- _Problem statement_: Omit the images. Copy each entry word for word.

Extracted material section start

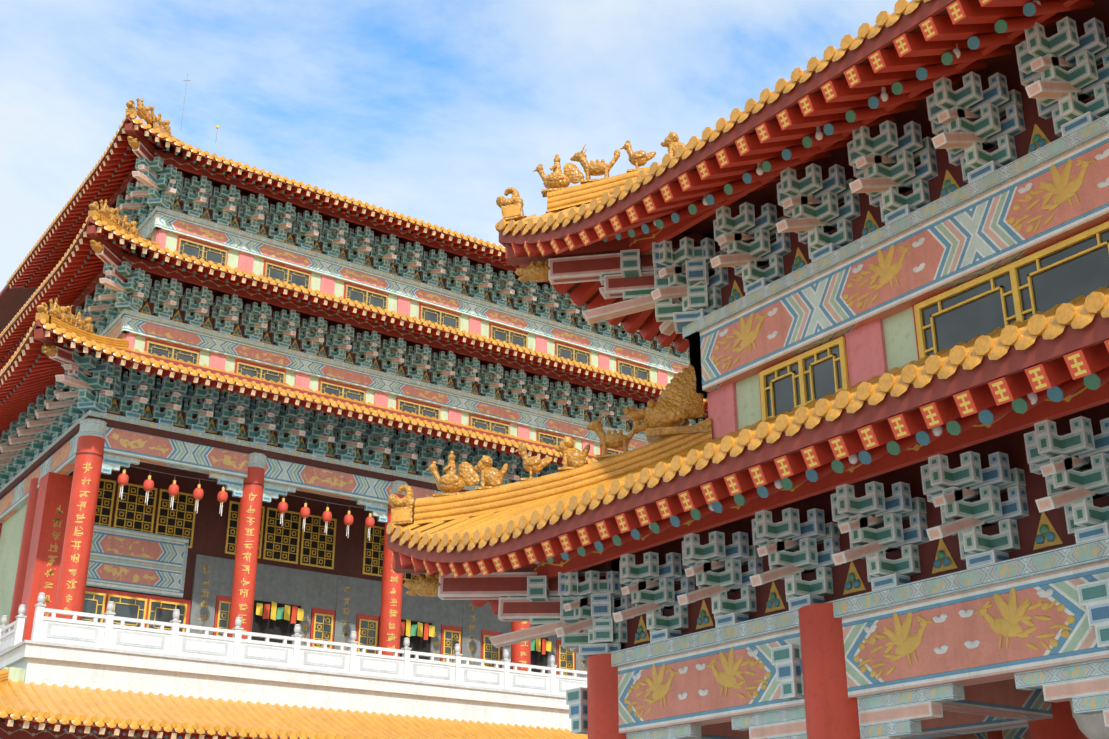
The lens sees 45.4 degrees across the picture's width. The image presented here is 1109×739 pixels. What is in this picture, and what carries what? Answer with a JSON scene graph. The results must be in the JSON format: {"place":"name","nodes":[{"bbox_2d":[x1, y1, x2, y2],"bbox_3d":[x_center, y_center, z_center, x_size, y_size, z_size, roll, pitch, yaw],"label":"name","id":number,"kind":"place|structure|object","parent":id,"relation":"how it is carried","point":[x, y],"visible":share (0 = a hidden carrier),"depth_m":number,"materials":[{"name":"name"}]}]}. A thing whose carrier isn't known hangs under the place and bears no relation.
{"place":"outdoors","nodes":[
{"label":"outdoors","id":0,"kind":"place"},
{"bbox_2d":[0,415,586,730],"bbox_3d":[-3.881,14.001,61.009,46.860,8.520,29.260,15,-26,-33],"label":"balcony","id":1,"kind":"structure","parent":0,"point":[154,539],"depth_m":44.23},
{"bbox_2d":[44,462,586,670],"bbox_3d":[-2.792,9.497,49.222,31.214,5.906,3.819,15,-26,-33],"label":"calligraphy inscriptions","id":2,"kind":"object","parent":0,"point":[73,581],"visible":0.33,"depth_m":42.85,"materials":[{"name":"red paint"}]},
{"bbox_2d":[0,150,707,738],"bbox_3d":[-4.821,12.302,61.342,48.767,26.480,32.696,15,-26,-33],"label":"temple building","id":3,"kind":"structure","parent":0,"point":[190,210],"depth_m":47.93,"materials":[{"name":"teal paint"}]},
{"bbox_2d":[0,112,707,738],"bbox_3d":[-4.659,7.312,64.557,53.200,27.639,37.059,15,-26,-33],"label":"temple roofs","id":4,"kind":"structure","parent":3,"relation":"attached to","point":[34,354],"depth_m":43.81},
{"bbox_2d":[35,74,218,333],"bbox_3d":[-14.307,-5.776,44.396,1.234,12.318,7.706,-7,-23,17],"label":"roof ornaments","id":5,"kind":"object","parent":4,"relation":"on","point":[56,310],"visible":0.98,"depth_m":42.96,"materials":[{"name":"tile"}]},
{"bbox_2d":[0,0,911,291],"label":"sky","id":6,"kind":"structure","parent":0,"point":[426,110],"materials":[{"name":"blue"}]},
{"bbox_2d":[488,0,1108,738],"bbox_3d":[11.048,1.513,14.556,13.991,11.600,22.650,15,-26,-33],"label":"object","id":7,"kind":"object","parent":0,"point":[824,572],"visible":0.94,"depth_m":15.92,"materials":[{"name":"paint"}]},
{"bbox_2d":[386,0,1108,632],"bbox_3d":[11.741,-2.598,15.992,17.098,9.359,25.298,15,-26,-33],"label":"temple roofs","id":8,"kind":"structure","parent":7,"relation":"attached to","point":[492,546],"depth_m":15.96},
{"bbox_2d":[388,131,707,525],"bbox_3d":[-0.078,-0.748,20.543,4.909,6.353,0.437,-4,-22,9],"label":"roof figurines","id":9,"kind":"object","parent":8,"relation":"on","point":[675,407],"visible":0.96,"depth_m":19.70,"materials":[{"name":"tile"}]},
{"bbox_2d":[566,0,1108,738],"bbox_3d":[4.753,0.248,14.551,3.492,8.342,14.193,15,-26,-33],"label":"decorative painted panels","id":10,"kind":"object","parent":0,"point":[1094,598],"visible":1,"depth_m":15.15,"materials":[{"name":"paint"}]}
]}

Extracted material section end

- _Solution below_:
The lens sees 45.4 degrees across the picture's width. The image presented here is 1109×739 pixels. What is in this picture, and what carries what? Answer with a JSON scene graph. The results must be in the JSON format: {"place":"name","nodes":[{"bbox_2d":[x1, y1, x2, y2],"bbox_3d":[x_center, y_center, z_center, x_size, y_size, z_size, roll, pitch, yaw],"label":"name","id":number,"kind":"place|structure|object","parent":id,"relation":"how it is carried","point":[x, y],"visible":share (0 = a hidden carrier),"depth_m":number,"materials":[{"name":"name"}]}]}. A thing whose carrier isn't known hangs under the place and bears no relation.
{"place":"outdoors","nodes":[
{"label":"outdoors","id":0,"kind":"place"},
{"bbox_2d":[0,415,586,730],"bbox_3d":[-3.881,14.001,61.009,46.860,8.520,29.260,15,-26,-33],"label":"balcony","id":1,"kind":"structure","parent":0,"point":[154,539],"depth_m":44.23},
{"bbox_2d":[44,462,586,670],"bbox_3d":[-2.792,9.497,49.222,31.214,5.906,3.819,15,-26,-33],"label":"calligraphy inscriptions","id":2,"kind":"object","parent":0,"point":[73,581],"visible":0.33,"depth_m":42.85,"materials":[{"name":"red paint"}]},
{"bbox_2d":[0,150,707,738],"bbox_3d":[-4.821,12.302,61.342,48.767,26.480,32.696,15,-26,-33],"label":"temple building","id":3,"kind":"structure","parent":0,"point":[190,210],"depth_m":47.93,"materials":[{"name":"teal paint"}]},
{"bbox_2d":[0,112,707,738],"bbox_3d":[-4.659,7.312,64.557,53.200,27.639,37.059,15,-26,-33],"label":"temple roofs","id":4,"kind":"structure","parent":3,"relation":"attached to","point":[34,354],"depth_m":43.81},
{"bbox_2d":[35,74,218,333],"bbox_3d":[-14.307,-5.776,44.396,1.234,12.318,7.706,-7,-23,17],"label":"roof ornaments","id":5,"kind":"object","parent":4,"relation":"on","point":[56,310],"visible":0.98,"depth_m":42.96,"materials":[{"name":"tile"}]},
{"bbox_2d":[0,0,911,291],"label":"sky","id":6,"kind":"structure","parent":0,"point":[426,110],"materials":[{"name":"blue"}]},
{"bbox_2d":[488,0,1108,738],"bbox_3d":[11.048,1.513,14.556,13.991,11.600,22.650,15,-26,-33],"label":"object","id":7,"kind":"object","parent":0,"point":[824,572],"visible":0.94,"depth_m":15.92,"materials":[{"name":"paint"}]},
{"bbox_2d":[386,0,1108,632],"bbox_3d":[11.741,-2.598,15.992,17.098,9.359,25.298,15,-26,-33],"label":"temple roofs","id":8,"kind":"structure","parent":7,"relation":"attached to","point":[492,546],"depth_m":15.96},
{"bbox_2d":[388,131,707,525],"bbox_3d":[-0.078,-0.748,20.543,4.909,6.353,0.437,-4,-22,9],"label":"roof figurines","id":9,"kind":"object","parent":8,"relation":"on","point":[675,407],"visible":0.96,"depth_m":19.70,"materials":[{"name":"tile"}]},
{"bbox_2d":[566,0,1108,738],"bbox_3d":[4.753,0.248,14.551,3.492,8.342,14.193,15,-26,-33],"label":"decorative painted panels","id":10,"kind":"object","parent":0,"point":[1094,598],"visible":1,"depth_m":15.15,"materials":[{"name":"paint"}]}
]}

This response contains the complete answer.